Question

Identify the amplitude and period of the following functions. $$p(t)=2.5 \sin \left(\frac{1}{2}(t-3)\right)$$

Short answer

Answer: The amplitude is 2.5 and the period is $$4\pi$$.

Step-by-step solution

Identify the coefficient of the sine function

In the given function, $$p(t) = 2.5 \sin \left(\frac{1}{2}(t-3)\right)$$, the coefficient of the sine function is 2.5.

Find the amplitude

Since the amplitude is the absolute value of the coefficient of the sine function, we find the amplitude to be $$|2.5| = 2.5$$.

Identify the coefficient of the variable inside the sine function

In the given function, $$p(t) = 2.5 \sin \left(\frac{1}{2}(t-3)\right)$$, the coefficient of the variable t inside the sine function is $$\frac{1}{2}$$.

Calculate the period

The period of a sinusoidal function is given by $$\frac{2\pi}{B}$$, where B is the coefficient of the variable inside the sine function. In our case, B = $$\frac{1}{2}$$. Therefore, the period is $$\frac{2\pi}{\frac{1}{2}} = 2\pi \cdot 2 = 4\pi$$. The amplitude and period of the function $$p(t) = 2.5 \sin \left(\frac{1}{2}(t-3)\right)$$ are as follows: Amplitude: 2.5 Period: $$4\pi$$

Key concepts

Amplitude

The concept of amplitude is crucial when studying trigonometric functions like the sine function. Amplitude refers to the height of the wave measured from the midline to the peak. It essentially tells us how "tall" the wave is.

• The amplitude is always a positive number or zero.
• In a function like \(a \sin(bx + c)\), the amplitude is represented by the absolute value of \(a\).

In the function \(p(t) = 2.5 \sin \left(\frac{1}{2}(t-3)\right)\), the sine coefficient is 2.5. Therefore, the amplitude is the absolute value of this coefficient, which is \(|2.5| = 2.5\).
Understanding amplitude helps in visualizing how intense or minimized the oscillations of the sine wave are. Larger amplitudes mean a more "extreme" curve in terms of high and low peaks.

Period

The period of a sine function is the length of one complete cycle of the wave. This cycle tells you how long it takes for the function to repeat itself.

• The standard period of sine and cosine functions is \(2\pi\), but this can be modified by the coefficient in front of the variable.
• In a function \(a \sin(bx + c)\), the period is calculated by \(\frac{2\pi}{b}\).

In the given function \(p(t) = 2.5 \sin \left(\frac{1}{2}(t-3)\right)\), the coefficient \(b\) before \(t\) is \(\frac{1}{2}\).
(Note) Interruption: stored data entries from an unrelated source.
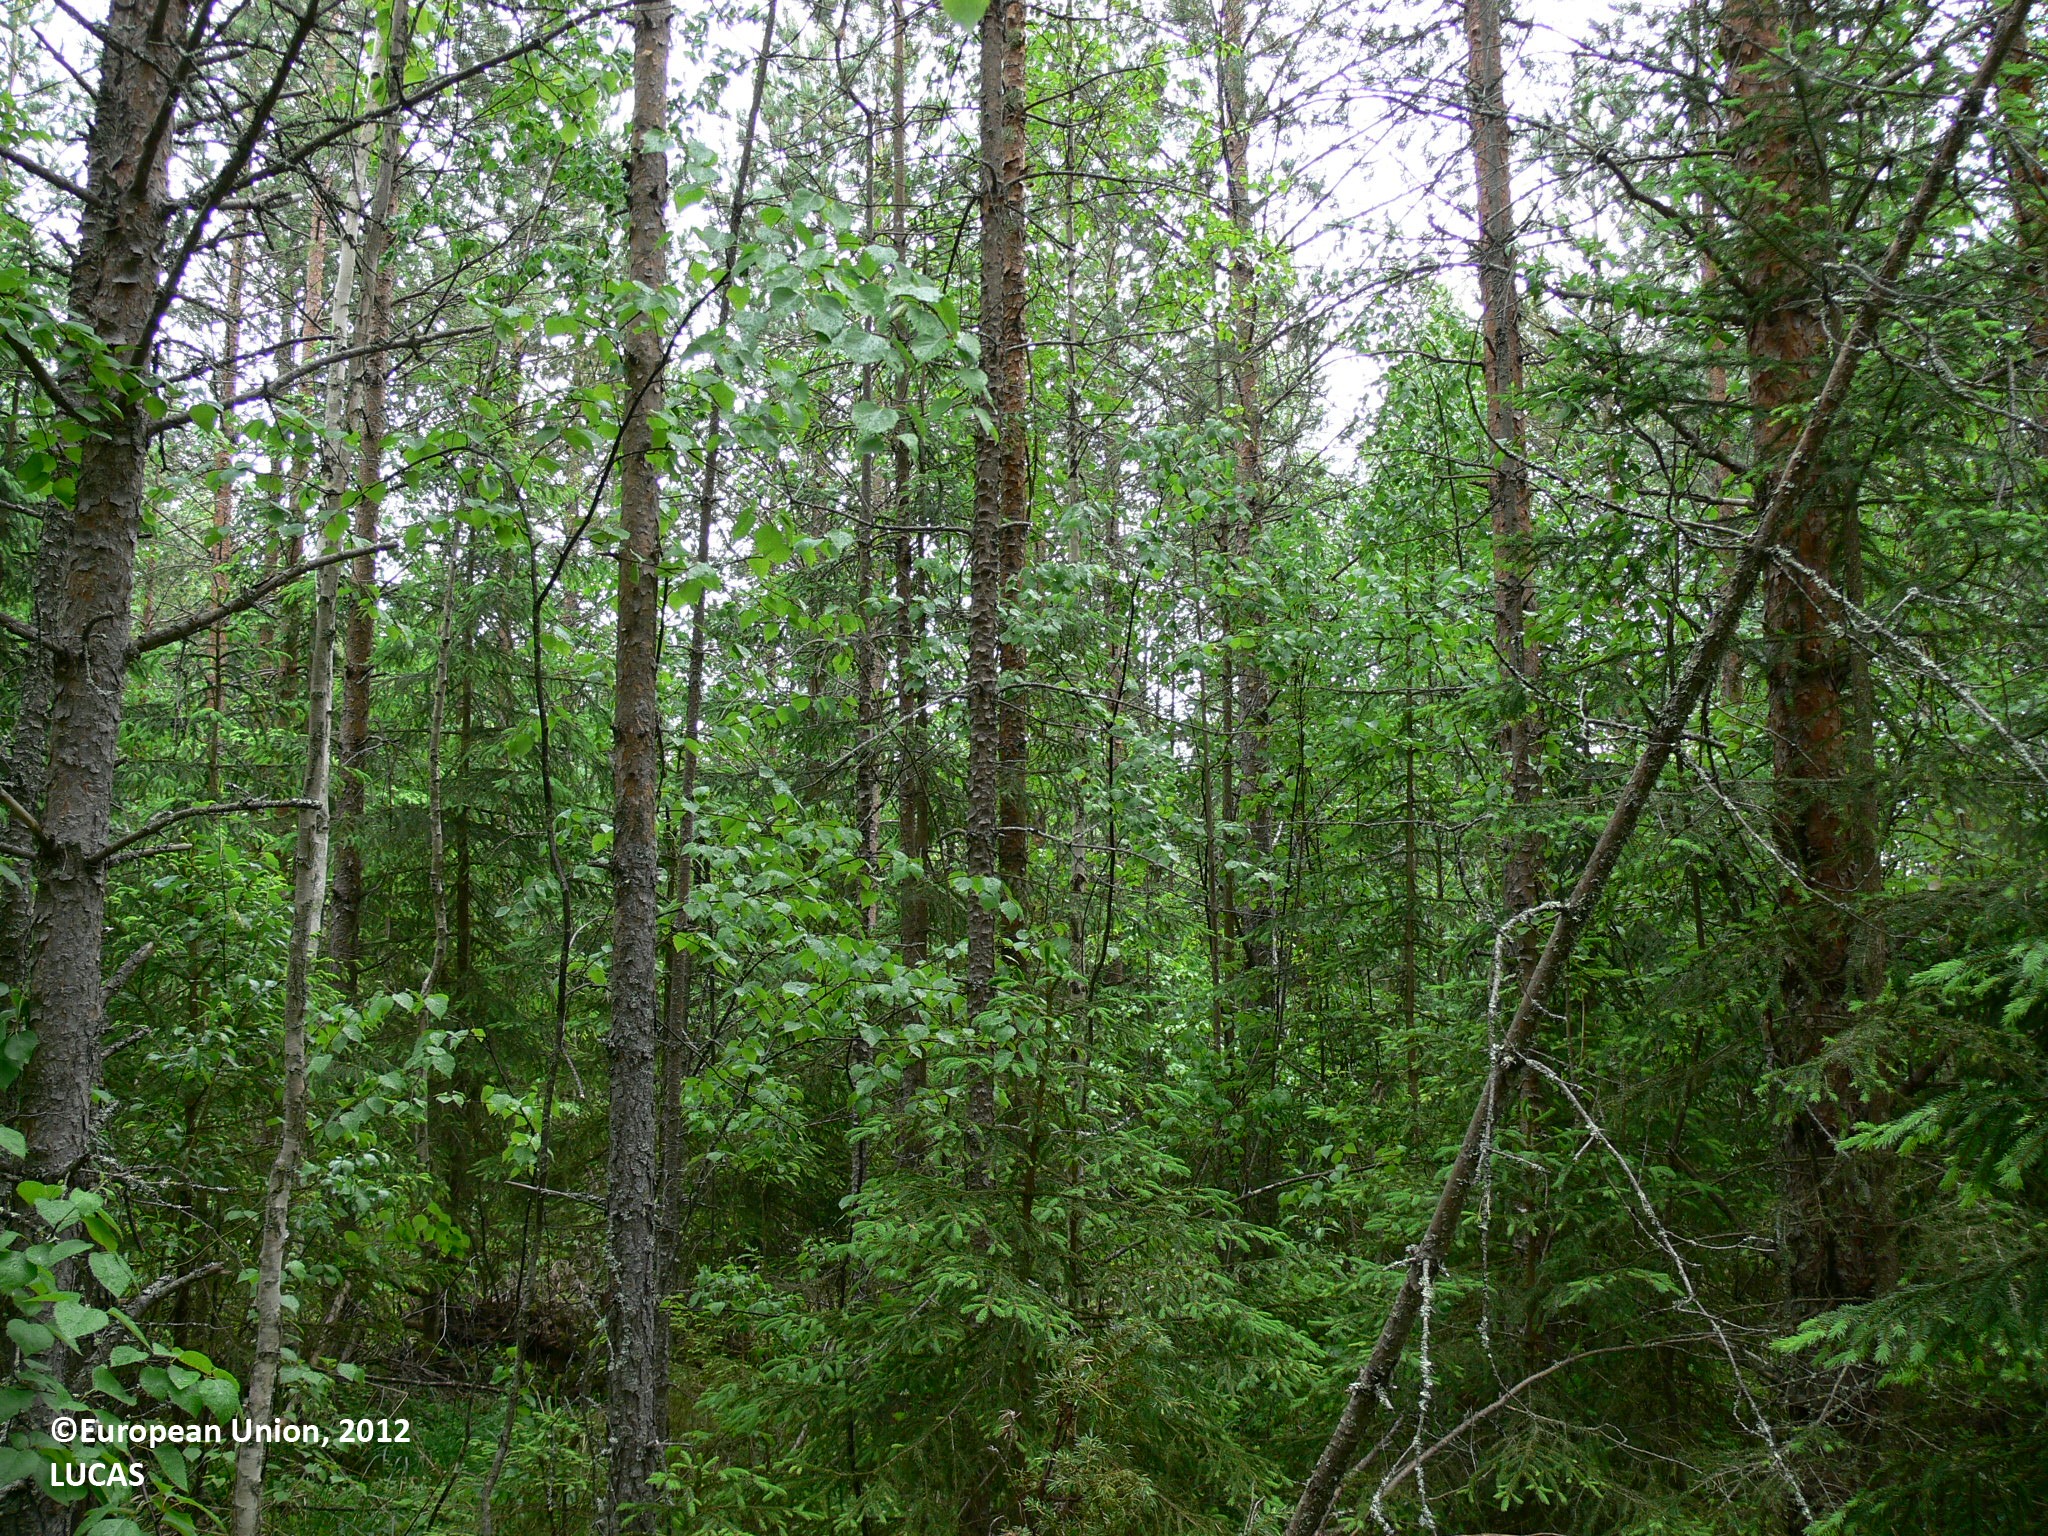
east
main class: Woodland
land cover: Pine dominated coniferous woodland
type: boreal forest
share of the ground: > 75 %
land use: Forestry
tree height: > 5 m
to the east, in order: Pine dominated coniferous woodland; Pine dominated mixed woodland; Ditches and canals; Grass margins; Paved roads, cycling and walking lanes; Grass margins; Pine dominated mixed woodland; Grassland without tree/shrub cover; Electric lines; Grassland without tree/shrub cover; Pine dominated mixed woodland; Tracks; Pine dominated mixed woodland; Pine dominated coniferous woodland; Ditches and canals; Other coniferous woodland
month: June
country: FI
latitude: 62.9319
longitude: 29.7247
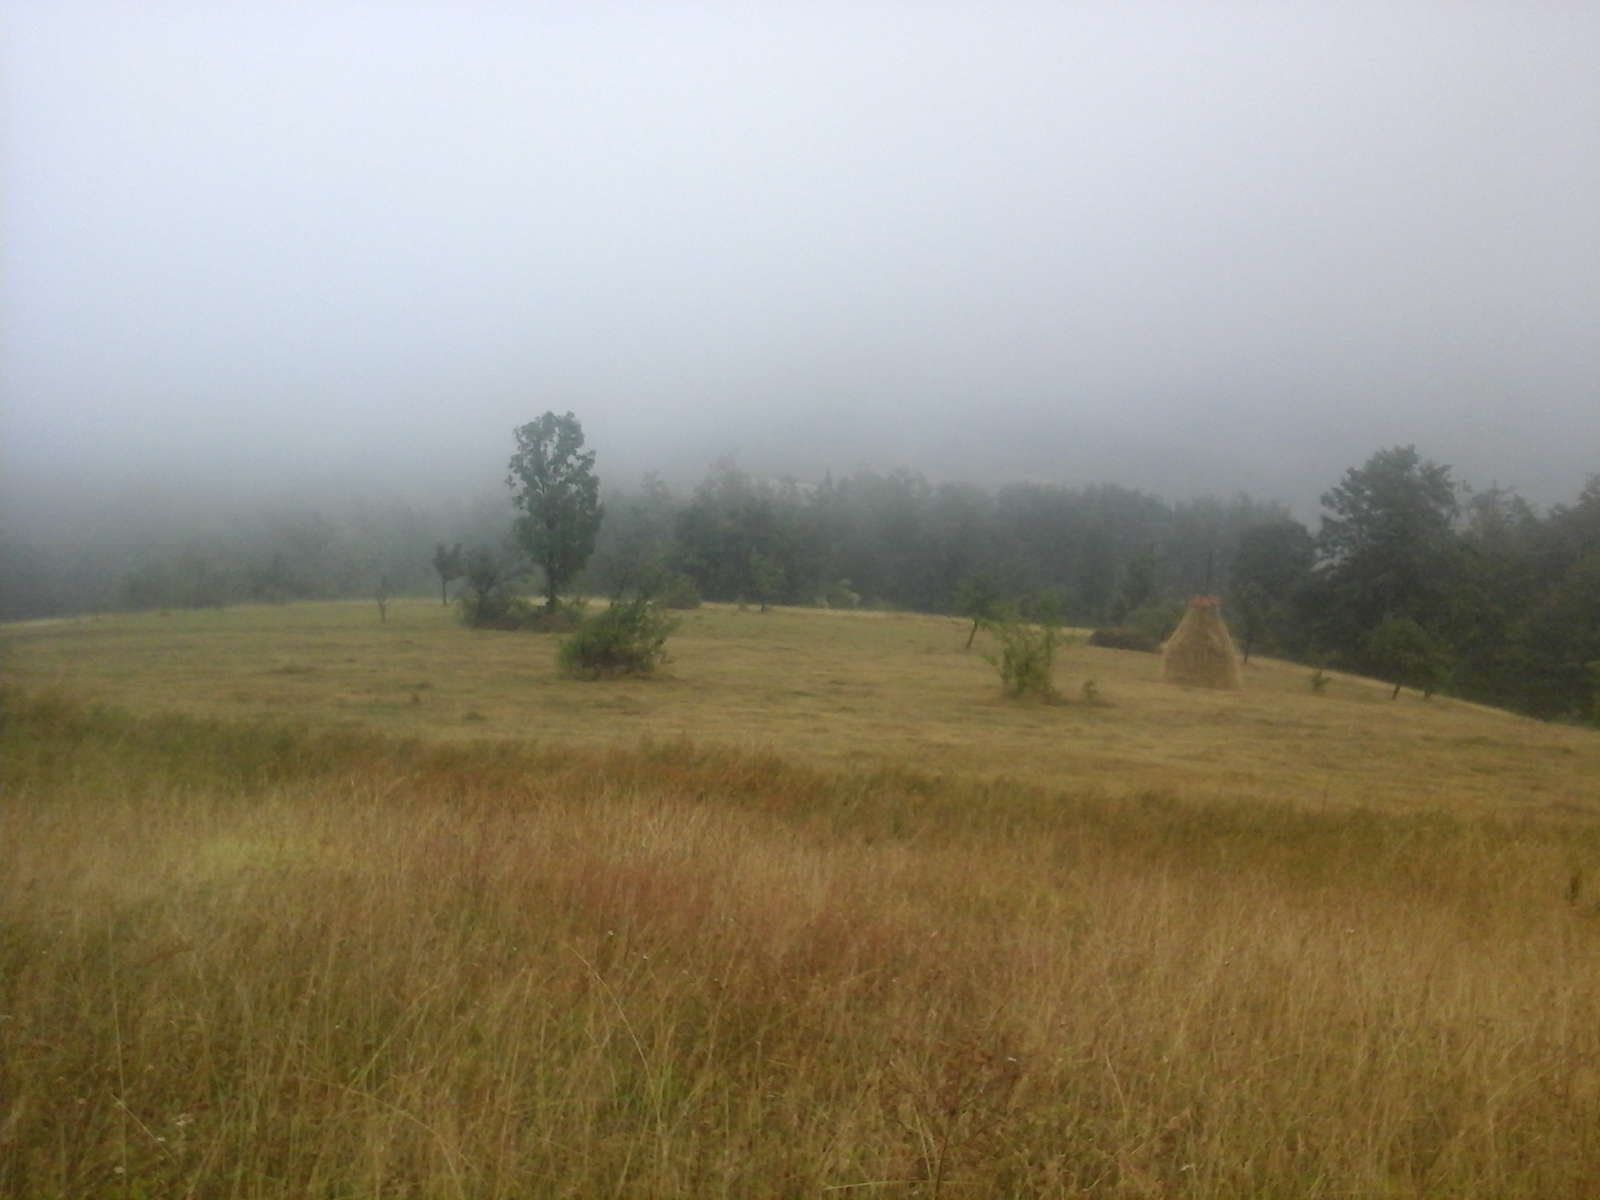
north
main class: Grassland
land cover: Grassland without tree/shrub cover
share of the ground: > 75 %
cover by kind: herbaceous plants 100 %
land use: Agriculture (excluding fallow land and kitchen gardens)
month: August
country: RO
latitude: 45.0111
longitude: 22.6693
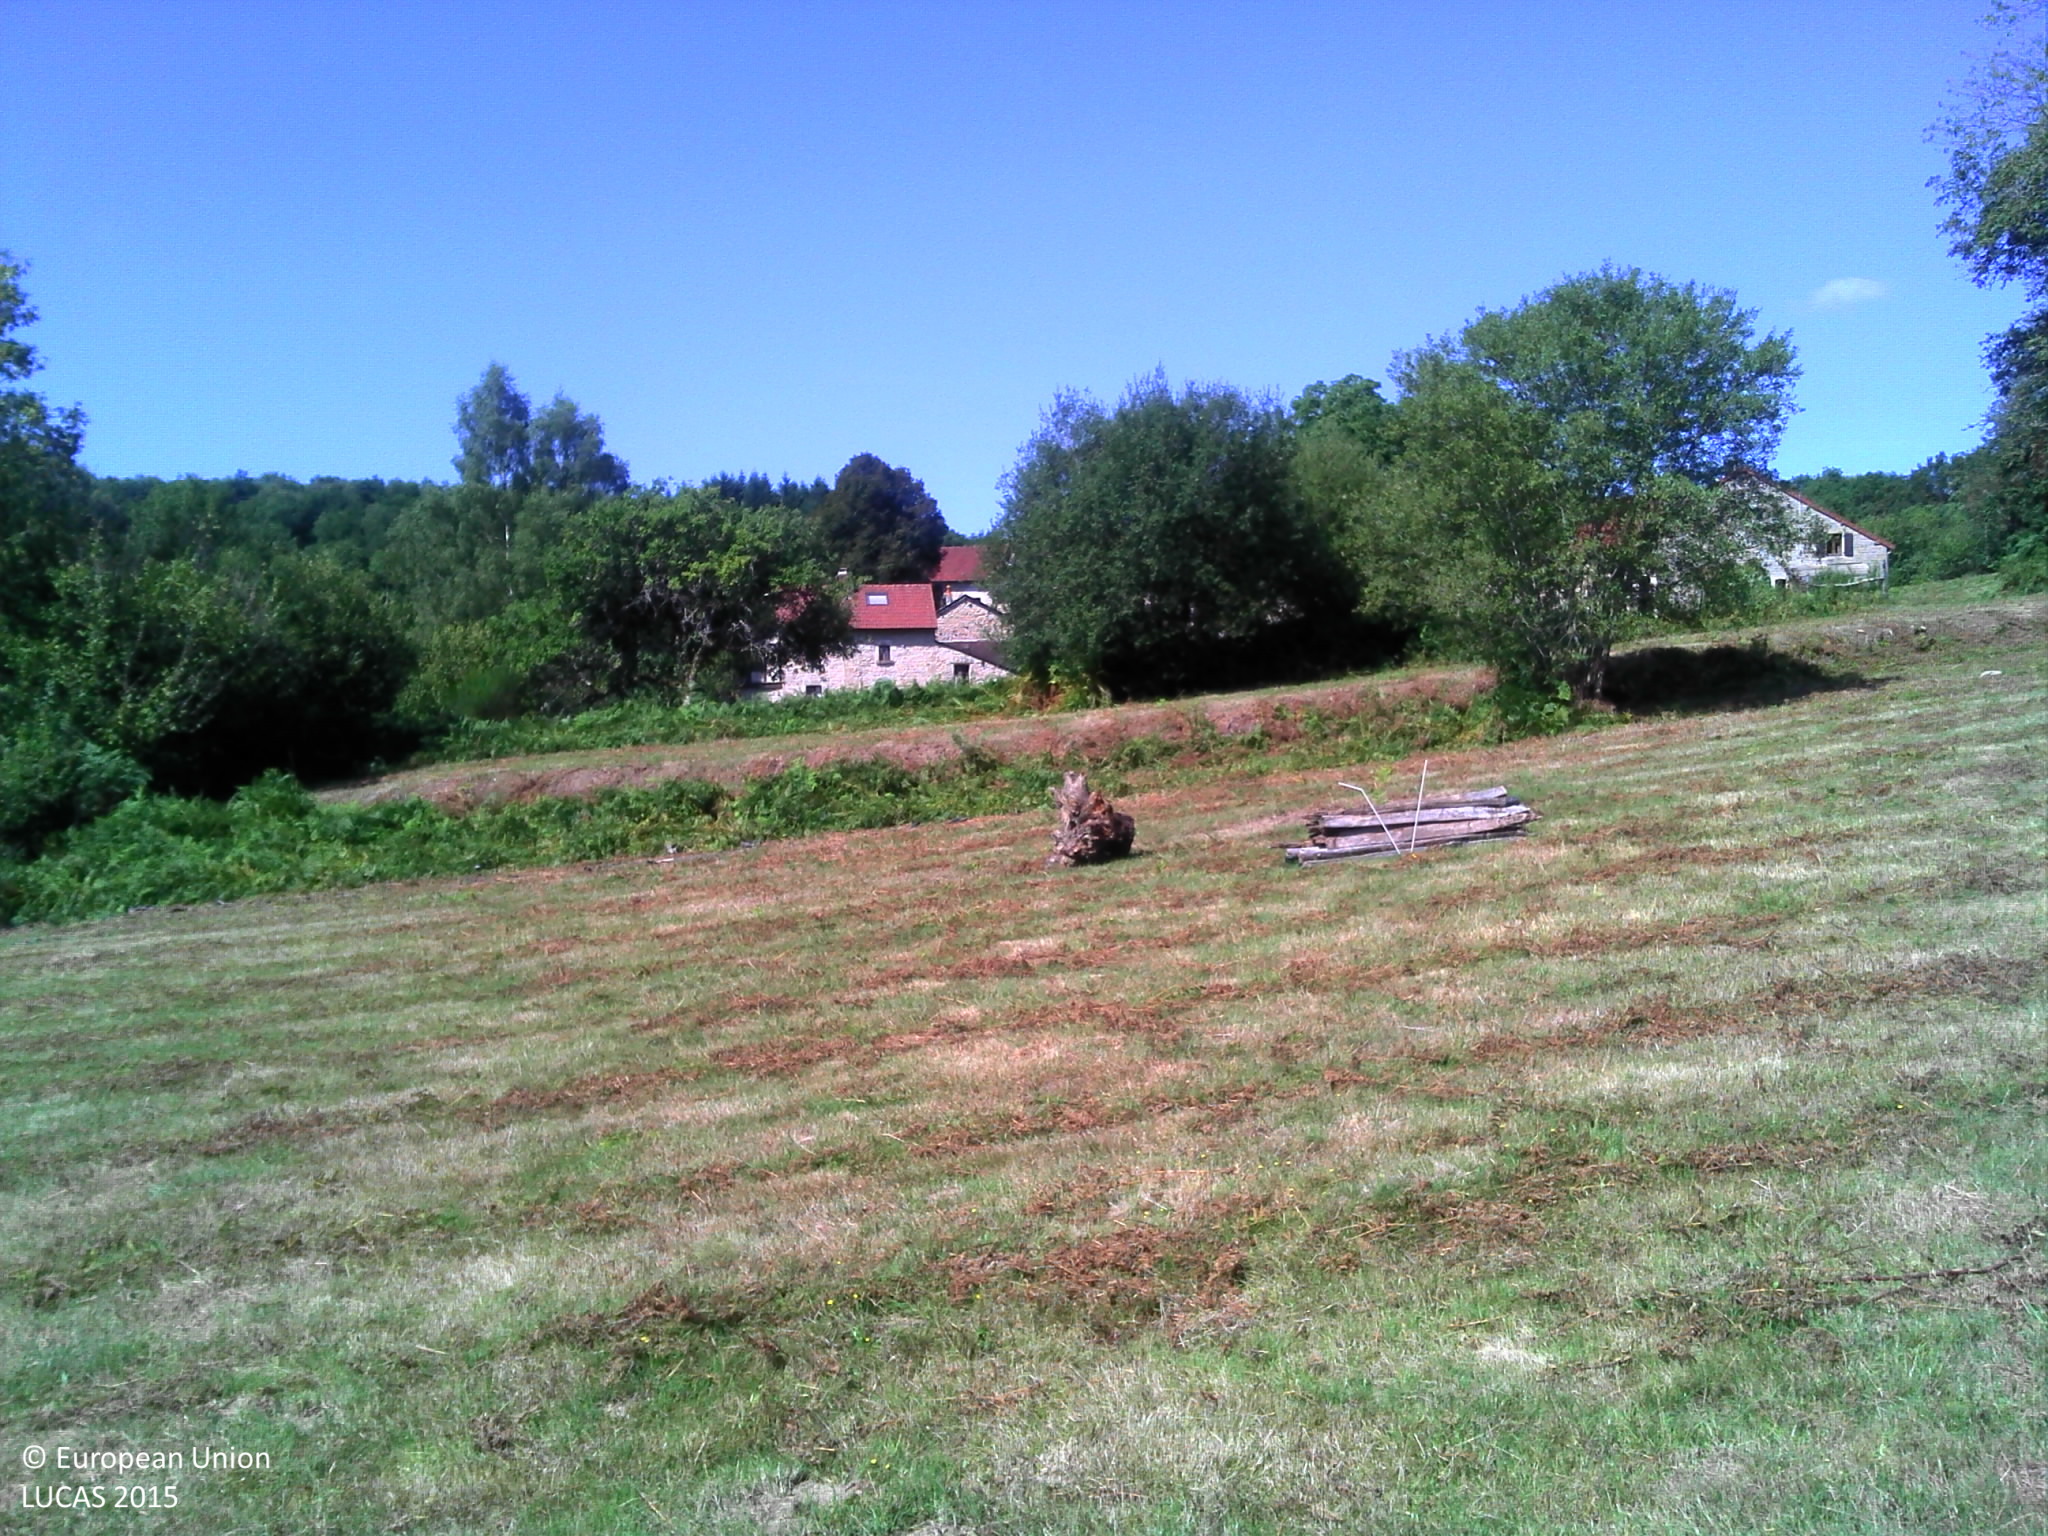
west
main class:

So, the period is \(\frac{2\pi}{\frac{1}{2}} = 4\pi\).
Knowing the period helps you identify how often the wave pattern repeats. A longer period means the waves are stretched out horizontally, occurring less frequently.

Sine Function

The sine function is one of the basic trigonometric functions. It is known for its wave-like pattern and is instrumental in modeling periodic phenomena. The general form of a sine function is \(a \sin(bx + c) + d\).

• \(a\) affects the amplitude of the sine wave.
• \(b\) influences the period, determining how stretched or compressed the wave is along the axis.
• \(c\) shifts the graph horizontally, known as the phase shift.
• \(d\) moves the graph up or down, affecting the vertical shift.

In \(p(t) = 2.5 \sin \left(\frac{1}{2}(t-3)\right)\), the transformations can be broken down as follows:- The amplitude is 2.5, indicating how high the wave peaks.- The period is \(4\pi\), indicating how long one complete wave cycle takes.- The \(\left(t-3\right)\) inside the sine moves the wave to the right by 3 units, which is the phase shift.
This function serves as a perfect example of how trigonometric functions can model repetitive structures and events, from sound waves to seasonal temperatures.